Liver transplant is a risky surgery usually performed as a last resort to save patients’ lives. Risk of liver transplant complications begins immediately after the surgery and can continue for years after the operation. Rejection is the most serious and ongoing complication and can lead to the patient’s death. Major bleeding, clotting and infections also are serious liver transplant complications immediately following surgery—each risk declines as time passes. After a liver transplant, patients also face the possibility developing cancer.
Transplant surgery involves using a donor organ—sometimes from a brain dead donor and sometimes a partial liver from a live person. The body treats the new liver as an invader and the immune system tries to attack it in an attempt to reject the organ. Patients take heavy doses of immunosuppressants to lower the risk, but sometimes the immune system’s response is too strong to overcome liver transplant rejection. About two-thirds of liver transplant patients experience some level of rejection. If severe enough, re-transplantation is required.

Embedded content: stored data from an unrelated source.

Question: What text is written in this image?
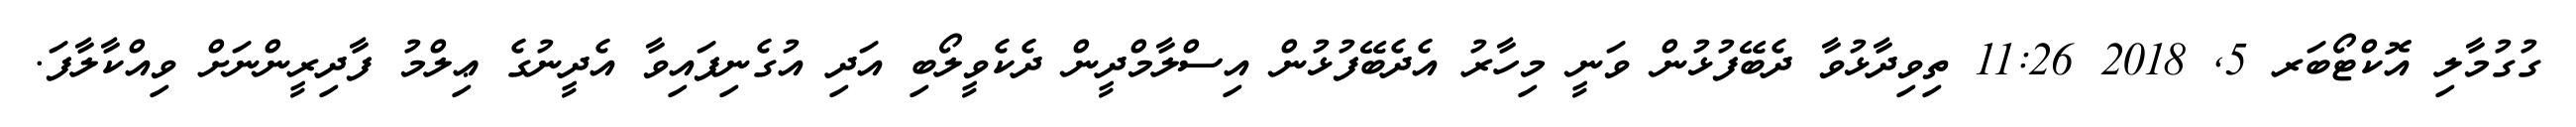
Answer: ގުގުމާލި އޮކްޓޯބަރ 5, 2018 11:26 ތިވިދާޅުވާ ދެބޭފުޅުން ވަނީ މިހާރު އެދެބޭފުޅުން އިސްލާމްދީން ދެކެވީލޯބި އަދި އުގެނިފައިވާ އެދީނުގެ ޢިލްމު ފާދިރީންނަށް ވިއްކާލާފަ.
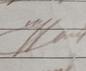
Signature authenticity: genuine
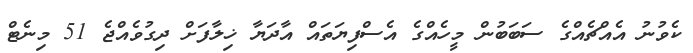
ކެވުނު އެއްޗެއްގެ ސަބަބުން މީހެއްގެ އެސްފިޔަތައް އާދަޔާ ޚިލާފަށް ދިގުވެއްޖެ 51 މިނެޓް

The immunosuppressants used to lower rejection chances put patients at higher risk of developing infections. Infections are considered among the most common liver transplant complications. People with other health conditions, such as AIDS, or those who have recently undergone chemotherapy or another organ transplant are most susceptible to post-surgical infections. Infection risk declines gradually as time passes after surgery and the body adjusts to the new liver.
Major bleeding post-surgery is another common complication. Bleeding is common with any major surgery, but can be especially pronounced in liver transplants. The new liver must quickly produce proteins to clot blood; if not, bleeding remains a likely complication. Sometimes bleeding can be controlled through transfusions to replace the lost blood. Internal bleeding post-transplant often is corrected with follow-up operations.
Conversely, some patients experience clotting problems. The vessels that supply blood to the liver may clot following surgery, which puts the organ—and the patient’s life—at risk. Patients are monitored daily with ultrasounds for several days after surgery to detect any clotting. A follow-up surgery usually is required to remove clots.
As time passes, the risk of liver transplant complications drops somewhat. Bleeding, clotting and infection issues decline over time, for instance, but rejection remains an ongoing issue. Patients remain on immunosuppressants to keep the rejection risk low, and the continued use can lead to cancer. Skin cancer and lymphoma are particularly worrisome long-term liver transplant complications because the immunosuppressants kill the white blood cells that would normally attack malignant cell growth.